Arctic Wolf researchers said the Kali365 infrastructure lowers the barrier to entry for potential attackers.
“Because it leverages legitimate Microsoft infrastructure, the activity can appear normal to the victim, which makes it harder to detect,” said Steven Campbell, staff threat intelligence researcher at cybersecurity firm Arctic Wolf. “In practical terms, this means an attacker doesn’t need to build sophisticated tooling themselves. They can stand up a campaign quickly and at scale.”
The FBI warning comes about a month after a report by Arctic Wolf on an operation that used the Kali365 platform. Researchers said they have been tracking a widespread device code phishing campaign since early April.
The campaign originated mainly from a single IP address, operated in North America and Europe, the Middle East and Africa. The campaign’s targets included manufacturing, education, insurance, financial, healthcare and government.
The campaign uncovered by Arctic Wolf is similar to a separate device code phishing operation tracked by Huntress. Starting in February, the campaign targeted Microsoft 365 identities across more than 340 organizations in the U.S., Canada, Australia, New Zealand and Germany.

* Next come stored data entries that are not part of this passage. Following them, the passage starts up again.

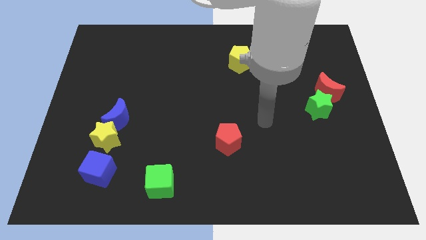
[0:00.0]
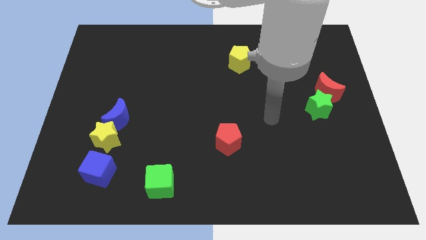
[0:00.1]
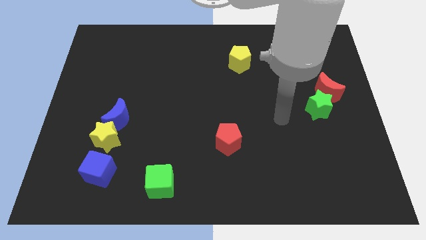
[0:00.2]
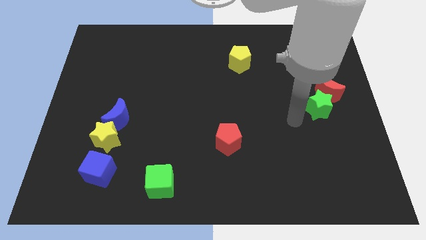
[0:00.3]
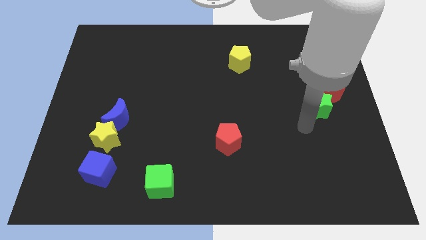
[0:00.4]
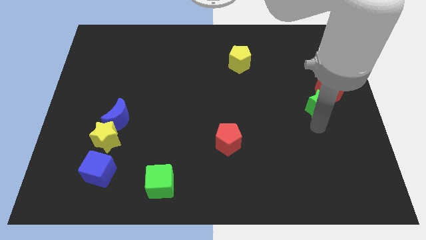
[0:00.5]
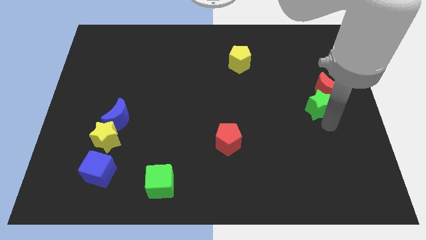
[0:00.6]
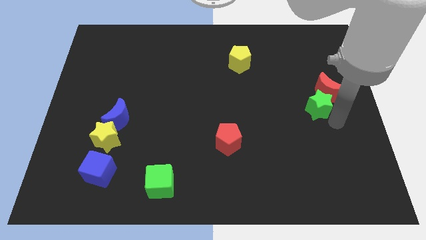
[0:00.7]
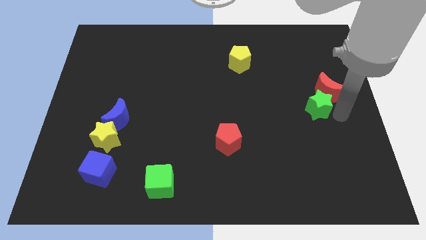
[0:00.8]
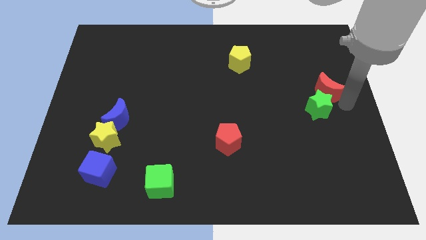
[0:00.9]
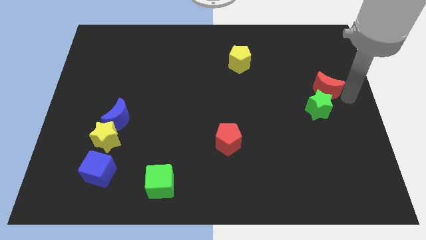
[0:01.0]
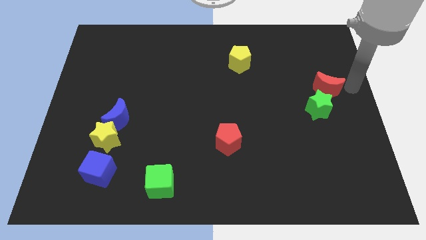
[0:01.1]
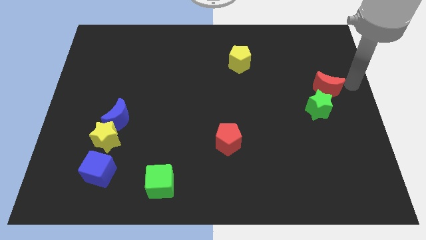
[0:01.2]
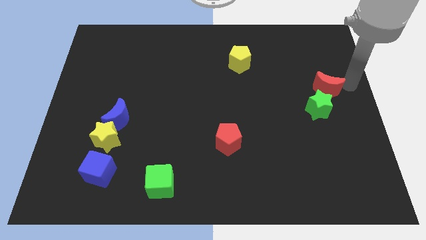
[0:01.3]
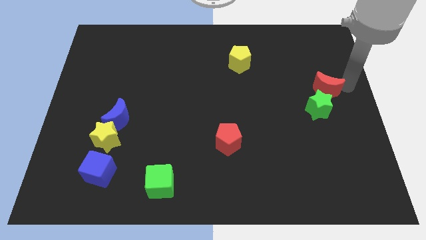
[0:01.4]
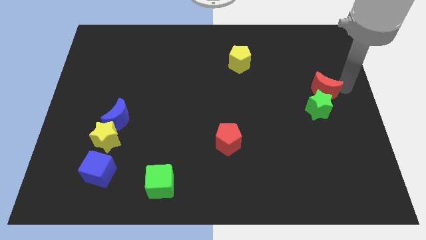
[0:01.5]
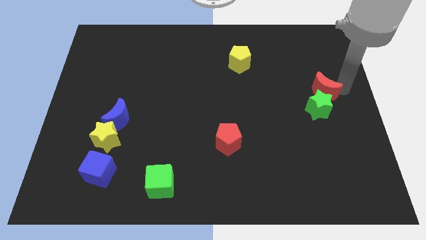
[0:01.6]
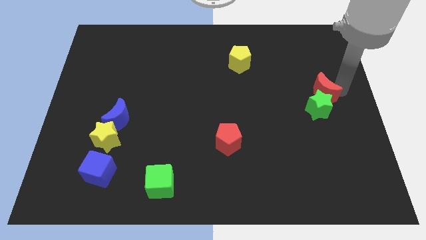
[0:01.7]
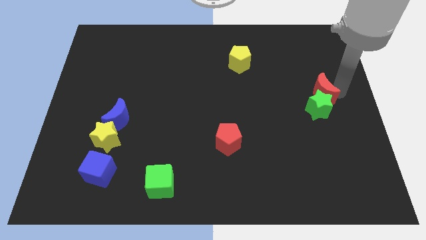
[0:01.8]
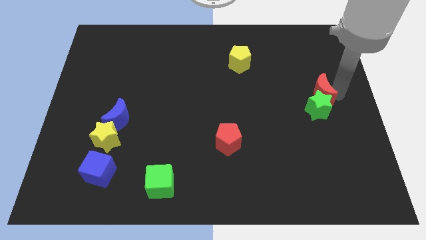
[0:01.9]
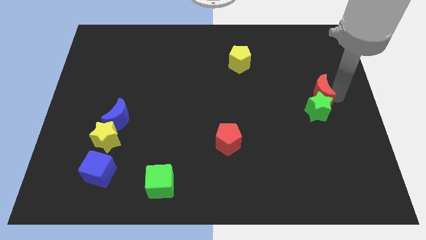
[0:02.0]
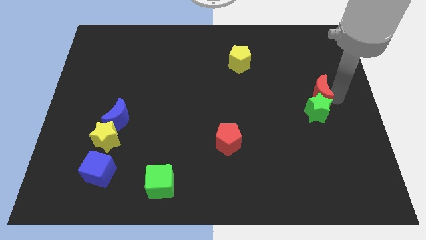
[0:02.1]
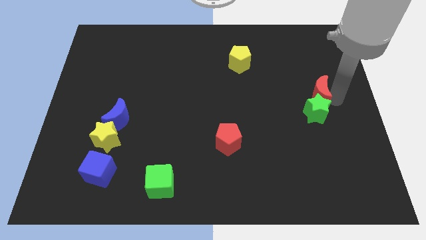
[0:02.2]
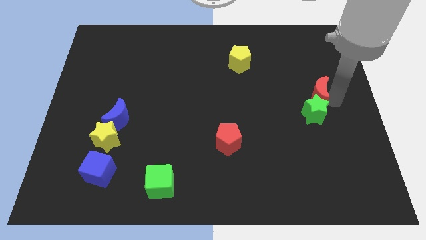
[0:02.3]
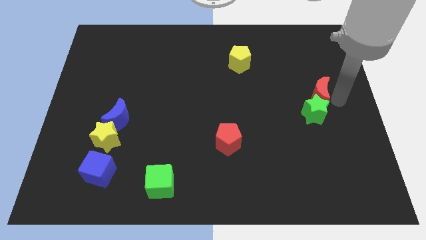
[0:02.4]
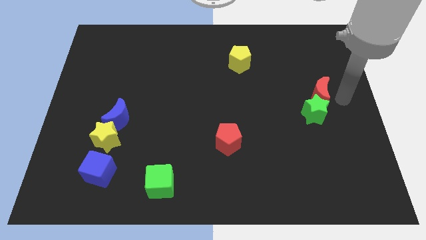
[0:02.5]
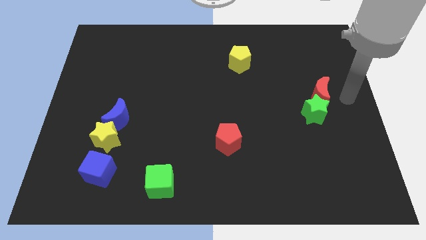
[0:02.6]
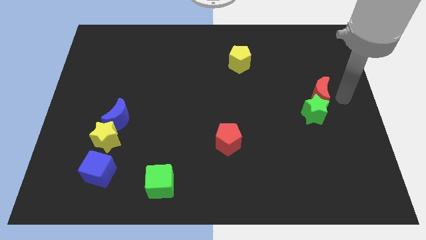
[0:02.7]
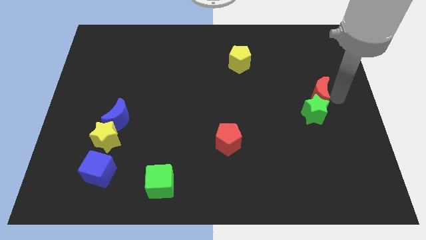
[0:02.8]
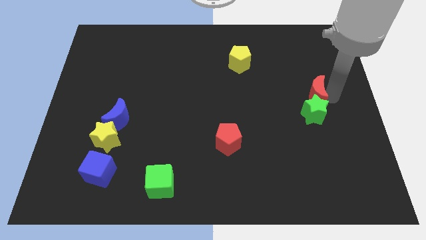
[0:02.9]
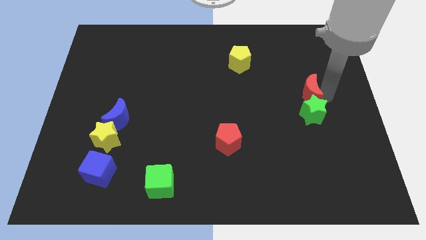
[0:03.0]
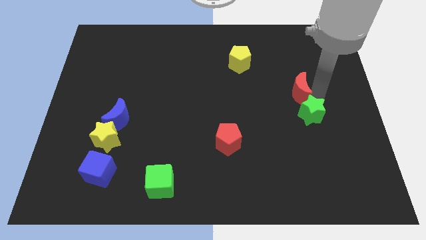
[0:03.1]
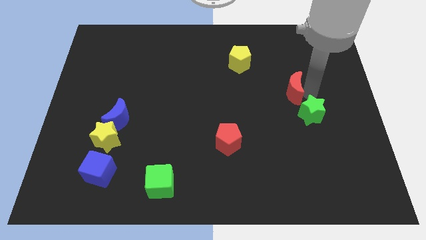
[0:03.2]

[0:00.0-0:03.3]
slide the red moon a bit left

Attackers in that campaign weaponized Railway.com, a platform-as-a-service that was built for vibe coding. Railway was abused to develop on-demand credential harvesting infrastructure, according to Huntress.
Huntress and Flare.io in March attributed the Railway attacks to the Evil Tokens phishing-as-a-service platform.
Researchers at Proofpoint reported in December how state-linked and criminal actors were using device-code phishing to gain access to Microsoft 365 accounts.
A Microsoft spokesperson said security teams should follow guidance provided by the FBI. Microsoft also provided best practices advice about how to protect against scams.
The FBI declined to provide any additional comment beyond the alert.